Tommy Wiseau (James Franco) è un uomo misterioso: quanti anni ha? Da dove viene? Perché sembra un tossico? Perché dice di essere americano al cento per cento quando ha un forte accento straniero? A tutte queste domande non si cerca una risposta vera e propria, visto che il lungometraggio cerca di farci ammirare la particolarità e l'ostinata volontà del protagonista. Noi abbiamo gli occhi di Greg Sestero (Dave Franco), un attore alle prime armi che segue e si affeziona al Tommy nostro.
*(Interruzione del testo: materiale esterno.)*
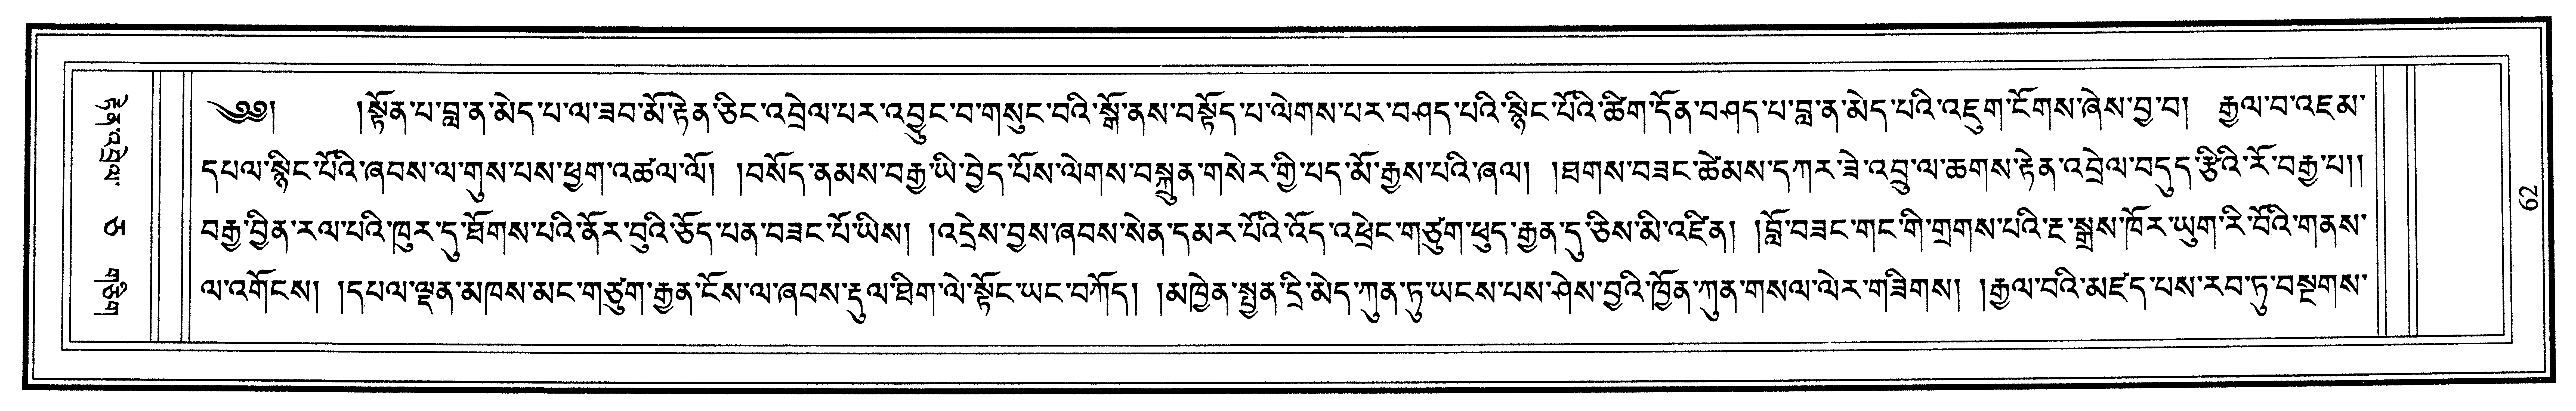༄༅། །སྟོན་པ་བླ་ན་མེད་པ་ལ་ཟབ་མོ་རྟེན་ཅིང་འབྲེལ་པར་འབྱུང་བ་གསུང་བའི་སྒོ་ནས་བསྟོད་པ་ལེགས་པར་བཤད་པའི་སྙིང་པོའི་ཚིག་དོན་བཤད་པ་བླ་ན་མེད་པའི་འཇུག་ངོགས་ཞེས་བྱ་བ། རྒྱལ་བ་འཇམ་
དཔལ་སྙིང་པོའི་ཞབས་ལ་གུས་པས་ཕྱག་འཚལ་ལོ། །བསོད་ནམས་བརྒྱ་ཡི་བྱེད་པོས་ལེགས་བསྐྲུན་གསེར་གྱི་པད་མོ་རྒྱས་པའི་ཞལ། །ཐགས་བཟང་ཚེམས་དཀར་ཟེ་འབྲུ་ལ་ཆགས་རྟེན་འབྲེལ་བདུད་རྩིའི་རོ་བརྒྱ་པ།།
བརྒྱ་བྱིན་རལ་པའི་ཁུར་དུ་ཐོགས་པའི་ནོར་བུའི་ཅོད་པན་བཟང་པོ་ཡིས། །འདྲེས་བྱས་ཞབས་སེན་དམར་པོའི་འོད་འཕྲེང་གཙུག་ཕུད་རྒྱན་དུ་ཅིས་མི་འཛིན། །བློ་བཟང་གང་གི་གྲགས་པའི་རྔ་སྒྲས་ཁོར་ཡུག་རི་བོའི་གནས་
ལ་འགོངས། །དཔལ་ལྡན་མཁས་མང་གཙུག་རྒྱན་ངོས་ལ་ཞབས་རྡུལ་ཐིག་ལེ་སྟོང་ཡང་བཀོད། །མཁྱེན་སྤྱན་དྲི་མེད་ཀུན་ཏུ་ཡངས་པས་ཤེས་བྱའི་ཁྱོན་ཀུན་གསལ་ལེར་གཟིགས། །རྒྱལ་བའི་མཛད་པས་རབ་ཏུ་བསྔགས་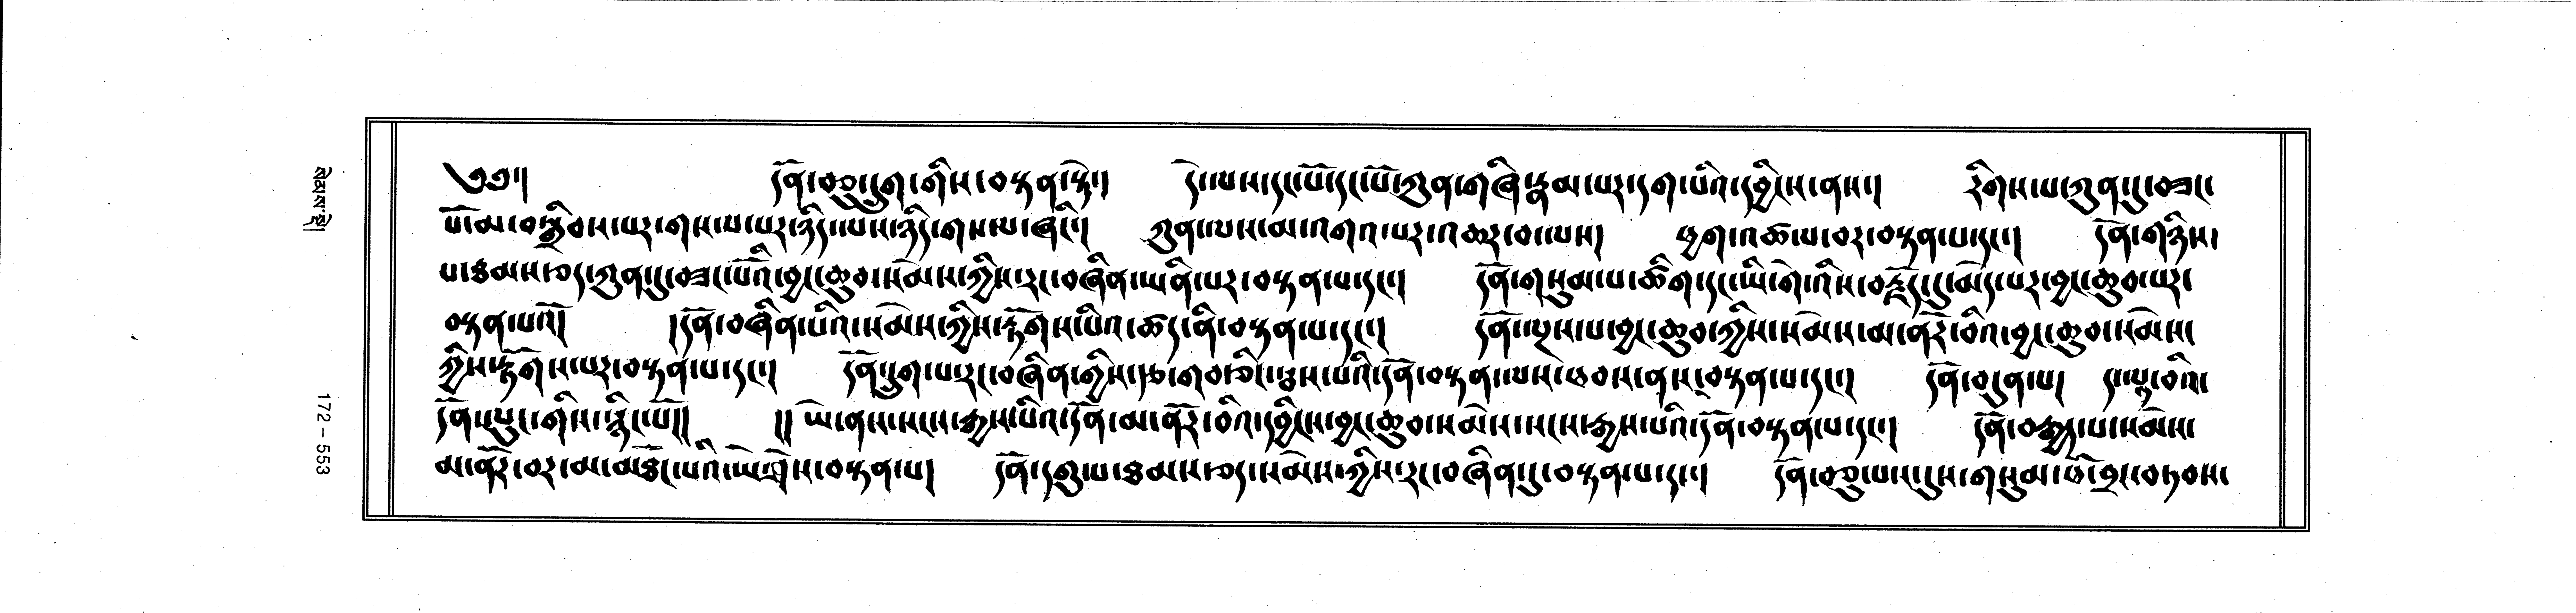དོན་བཅུ་དྲུག་གིས་བསྟན་སྟེ། དེ་ལས་དང་པོ་ཀུན་གཞི་རྣམ་པར་དག་པའི་དབྱིངས་ནས། རིག་པ་ཀུན་ཏུ་བཟང་
པོ་མ་བསྒྲིབས་པར་གསལ་པར་ཉིད་ལས་ཉིད་གསལ་ཞིང་། ཀུན་ལས་མ་འགའ་པར་འཆར་བ་ལས། ཕྱག་འཚལ་བར་བསྟན་པ་དང་། དོན་གཉིས་
པ་ཐམས་ཅད་ཀུན་ཏུ་བཟང་པོའི་བྱང་ཆུབ་སེམས་ཀྱིས་རང་བཞིན་ཡིན་པར་བསྟན་པ་དང་། དོན་གསུམ་པ་ཚིག་དང་ཡི་གེའིས་བརྗོད་དུ་མེད་པར་བྱང་ཆུབ་པར་
བསྟན་པའོ། དོན་བཞིན་པའི་སེམས་ཀྱིས་རྟོགས་པའི་ཚད་ནི་བསྟན་པ་དང་། དོན་ལྔས་པ་བྱང་ཆུབ་ཀྱིས་སེམས་མ་ནོར་བའི་བྱང་ཆུབ་སེམས་
ཀྱིས་རྟོགས་པས་བསྟན་པ་དང་། དོན་དྲུག་པ་རང་བཞིན་གྱིས་རྩ་གབ་ཅིང་སྦས་པའི་དོན་བསྟན་ལས་ཕབས་ནས་བསྟན་པ་དང་། དོན་བདུན་པ། ད་ལྟ་བའི་
དོན་ལུང་གིས་སྙིང་པོ། ཡེ་ནས་སངས་རྒྱས་པའི་དོན་མ་ནོར་བའི་དབྱིངས་བྱང་ཆུབ་སེམས་སངས་རྒྱས་པའི་དོན་བསྟན་པ་དང་། དོན་བརྒྱད་པ་སེམས་
མ་ནོར་བར་མ་མཐོང་པའི་ཡེ་ཤེས་བསྟན་པ། དོན་དགུ་པ་ཐམས་ཅད་སེམས་ཀྱིས་རང་བཞིན་དུ་བསྟན་པ་དང་། དོན་བཅུ་པས་དུས་གསུམ་ཕོ་བྲང་བཏབ་

E' uno di quei film che bisogna guardare in lingua originale, poiché il doppiaggio (in italiano probabilmente con una voce alla Zlatan Ibrahimovic, ci scommetterei una pizza) toglierebbe una notevole percentuale di riuscita al personaggio di James Franco. Quest'ultimo crea un personaggio che puoi solo amare, che cerchi nelle scene in cui non si presenta, ma a quanto pare il prototipo originale si comporta proprio così. Quindi non si tratta nemmeno di una "creazione", ma di una "fedele copia" dell'originale. E che "fedele copia", da meritati premi. Ma il film non è solo questo, perché viene curata anche la parte secondaria, dall'utilizzo di special guest con il contagocce al voler dare valore alle idee dei co-protagonisti. Certo, un film fin troppo incentrato sul protagonista, da cui dipende tutto, ma il fascino del personaggio non può far storcere il naso anche ai meno affezionati ai film mono caratteriali. Presente.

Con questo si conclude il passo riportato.